== Work required ==
Repeat the listing below in full and exactly, but without its pictures.

====

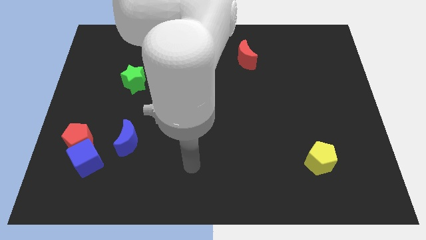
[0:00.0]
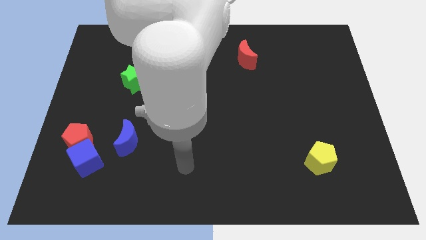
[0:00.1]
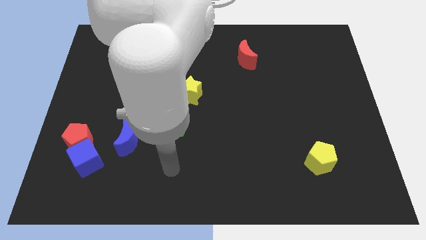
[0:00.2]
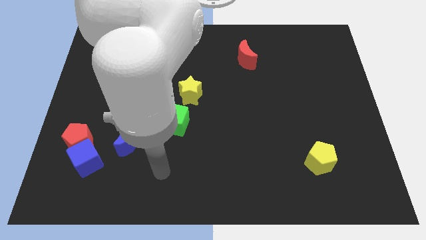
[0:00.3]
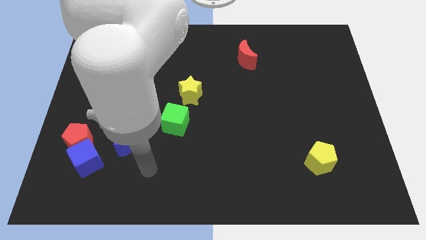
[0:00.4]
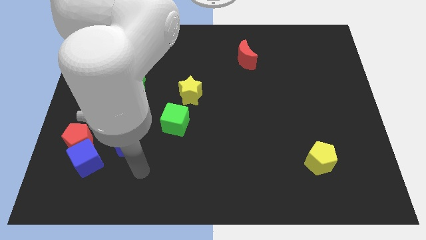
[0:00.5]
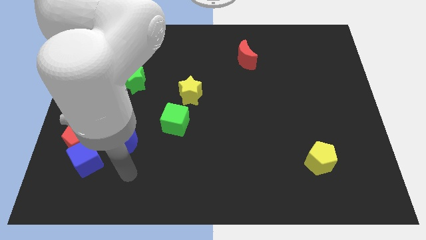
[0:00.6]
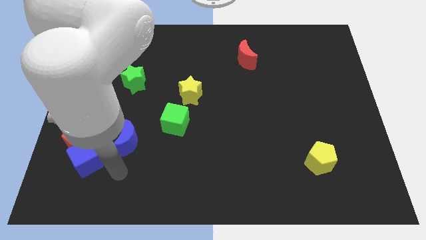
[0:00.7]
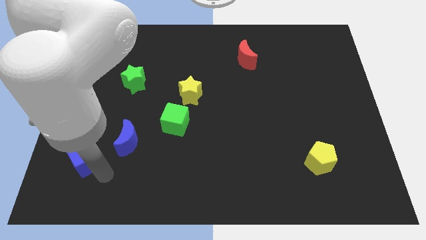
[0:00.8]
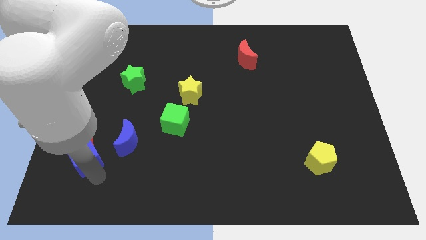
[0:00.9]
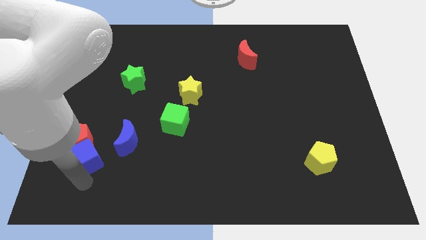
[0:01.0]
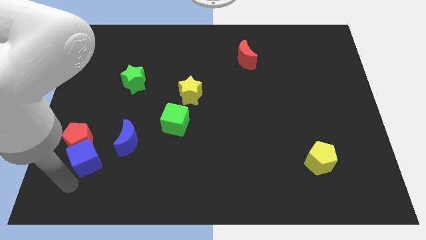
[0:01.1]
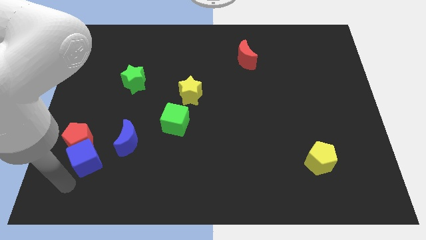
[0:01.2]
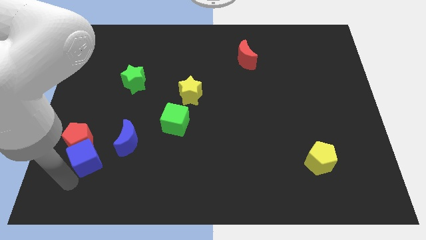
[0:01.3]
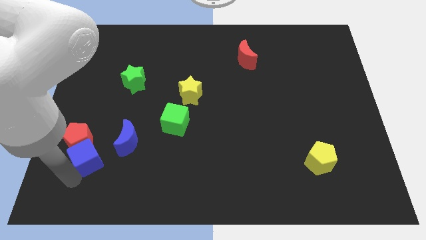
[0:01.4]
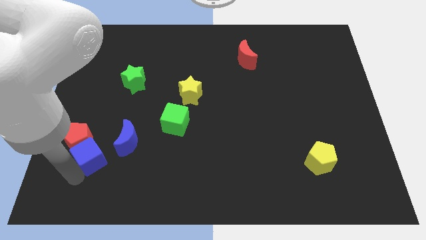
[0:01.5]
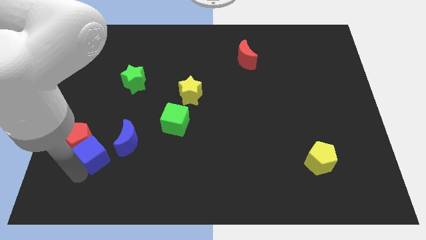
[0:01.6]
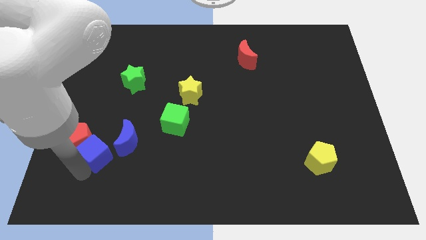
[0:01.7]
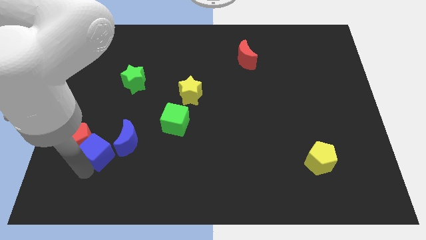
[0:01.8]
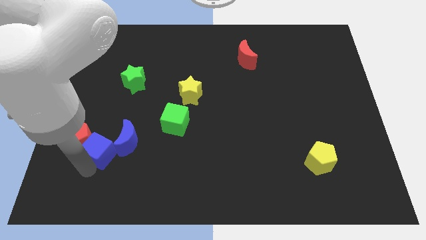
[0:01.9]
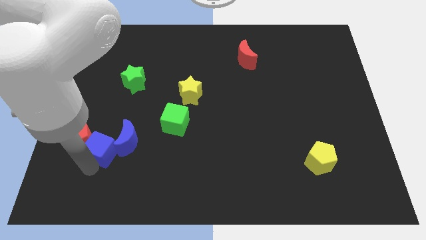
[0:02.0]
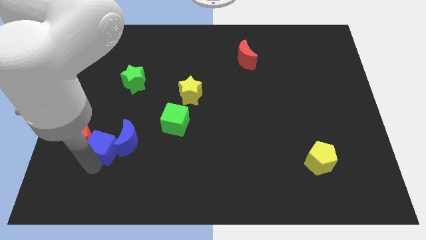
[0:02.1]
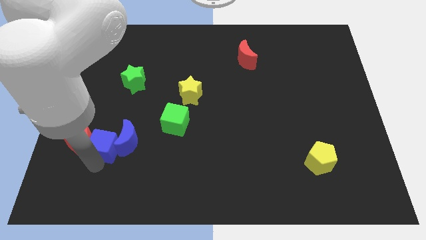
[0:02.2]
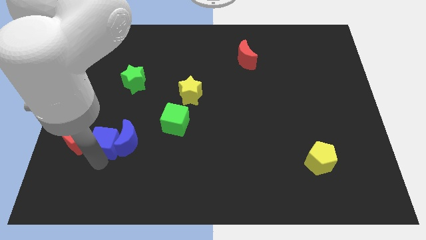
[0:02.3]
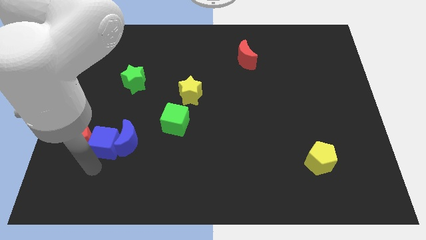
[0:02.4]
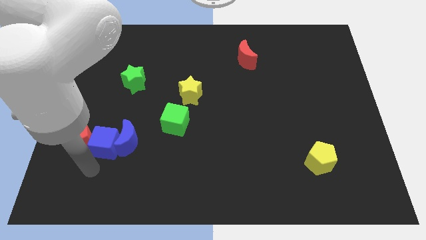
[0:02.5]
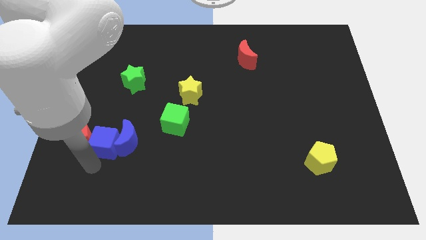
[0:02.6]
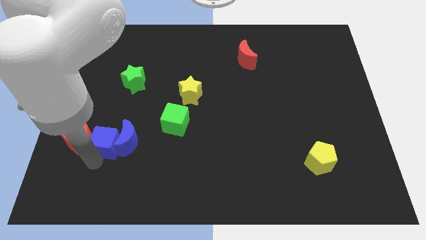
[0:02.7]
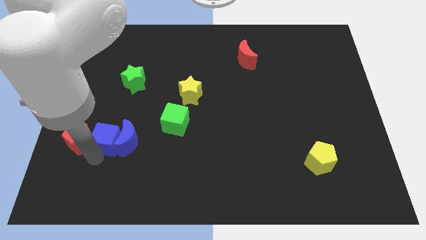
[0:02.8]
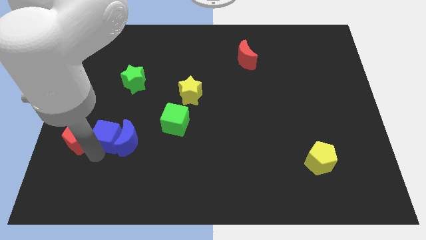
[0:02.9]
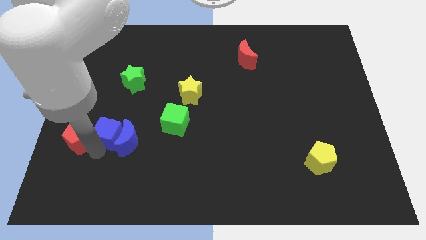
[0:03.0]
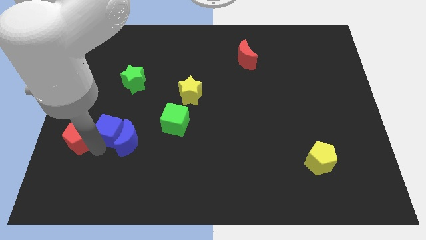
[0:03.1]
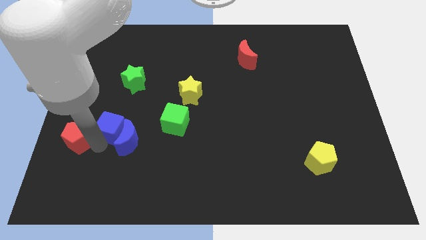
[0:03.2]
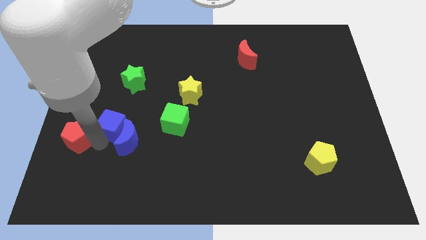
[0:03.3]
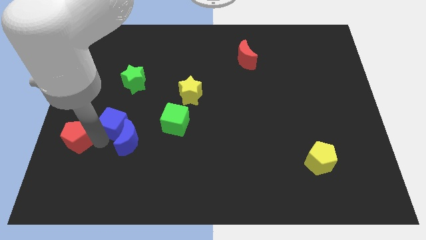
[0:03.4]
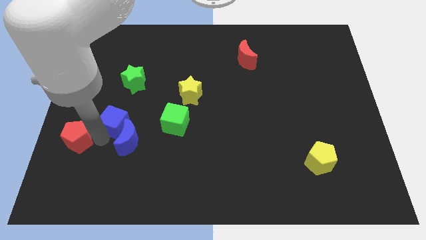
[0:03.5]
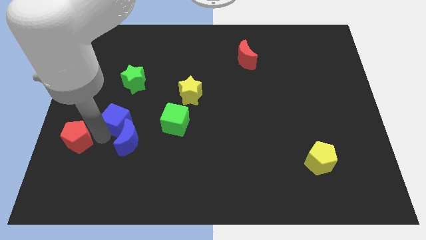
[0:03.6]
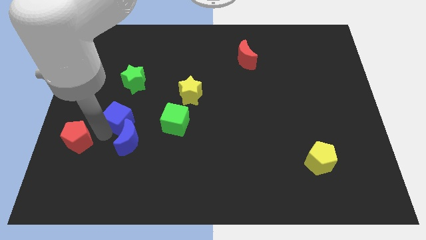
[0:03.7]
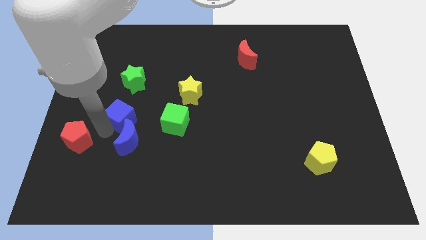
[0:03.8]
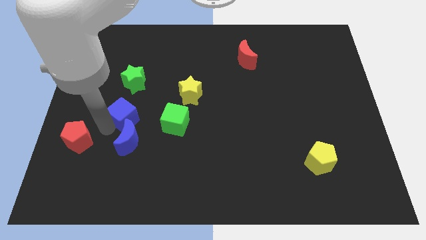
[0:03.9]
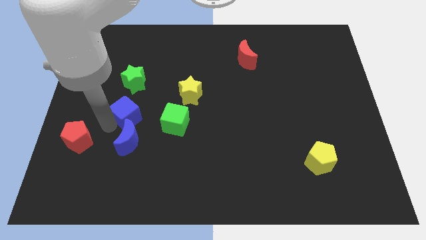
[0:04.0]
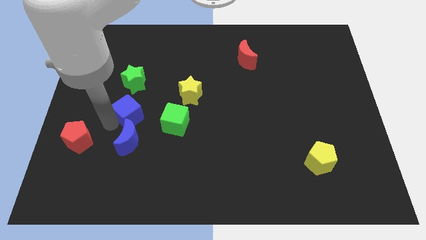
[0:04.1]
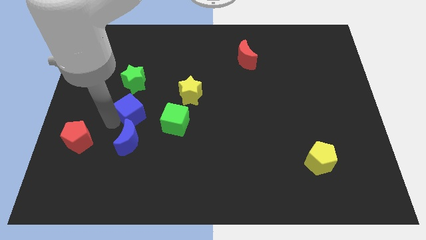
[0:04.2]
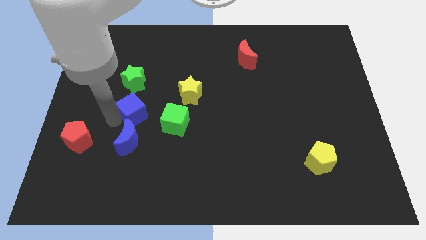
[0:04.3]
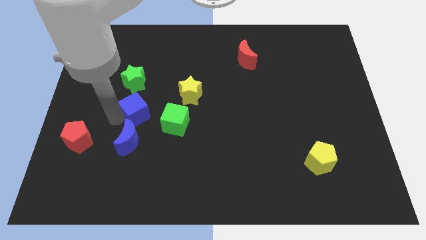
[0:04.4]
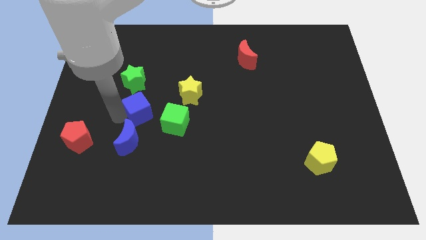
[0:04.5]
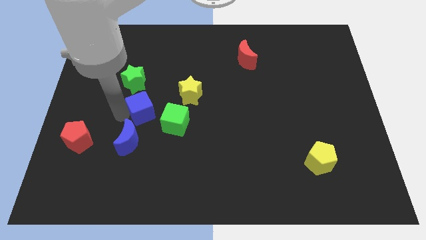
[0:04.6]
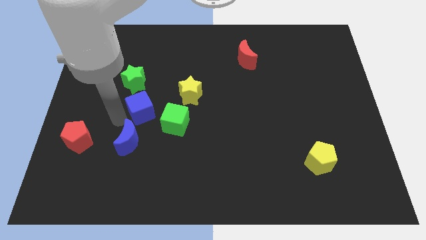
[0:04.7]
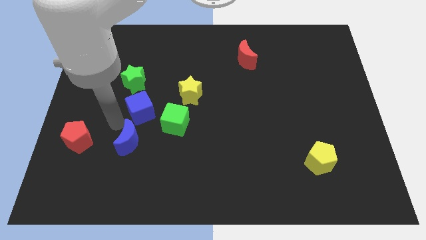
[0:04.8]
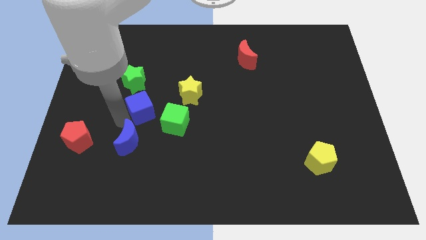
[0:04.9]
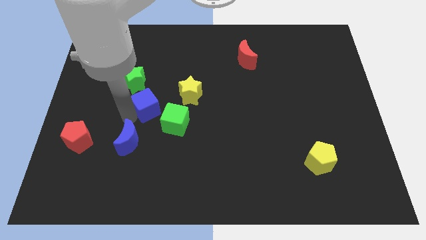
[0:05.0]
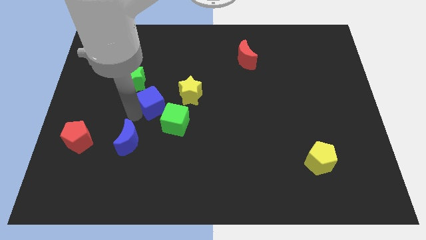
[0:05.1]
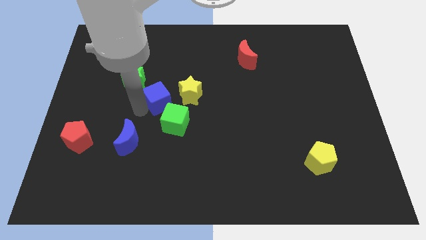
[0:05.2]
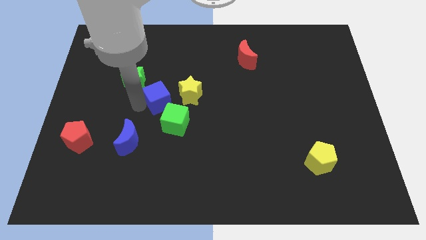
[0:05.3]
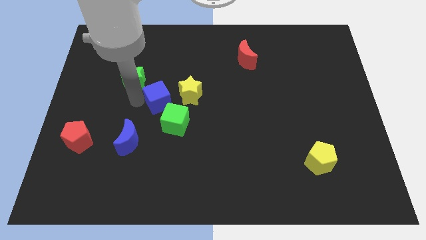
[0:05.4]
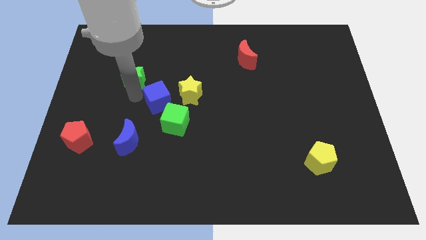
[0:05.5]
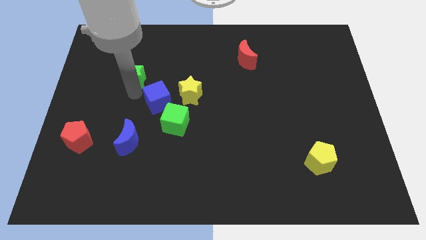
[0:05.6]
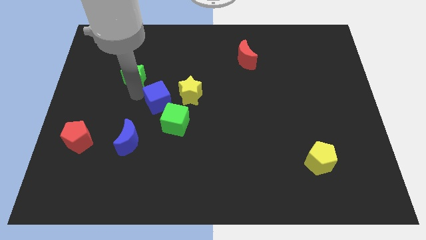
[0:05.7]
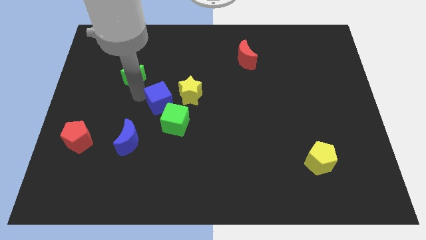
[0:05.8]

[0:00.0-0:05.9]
move the blue cube to the center

====

== Response ==
[0:00.0]
[0:00.1]
[0:00.2]
[0:00.3]
[0:00.4]
[0:00.5]
[0:00.6]
[0:00.7]
[0:00.8]
[0:00.9]
[0:01.0]
[0:01.1]
[0:01.2]
[0:01.3]
[0:01.4]
[0:01.5]
[0:01.6]
[0:01.7]
[0:01.8]
[0:01.9]
[0:02.0]
[0:02.1]
[0:02.2]
[0:02.3]
[0:02.4]
[0:02.5]
[0:02.6]
[0:02.7]
[0:02.8]
[0:02.9]
[0:03.0]
[0:03.1]
[0:03.2]
[0:03.3]
[0:03.4]
[0:03.5]
[0:03.6]
[0:03.7]
[0:03.8]
[0:03.9]
[0:04.0]
[0:04.1]
[0:04.2]
[0:04.3]
[0:04.4]
[0:04.5]
[0:04.6]
[0:04.7]
[0:04.8]
[0:04.9]
[0:05.0]
[0:05.1]
[0:05.2]
[0:05.3]
[0:05.4]
[0:05.5]
[0:05.6]
[0:05.7]
[0:05.8]

[0:00.0-0:05.9]
move the blue cube to the center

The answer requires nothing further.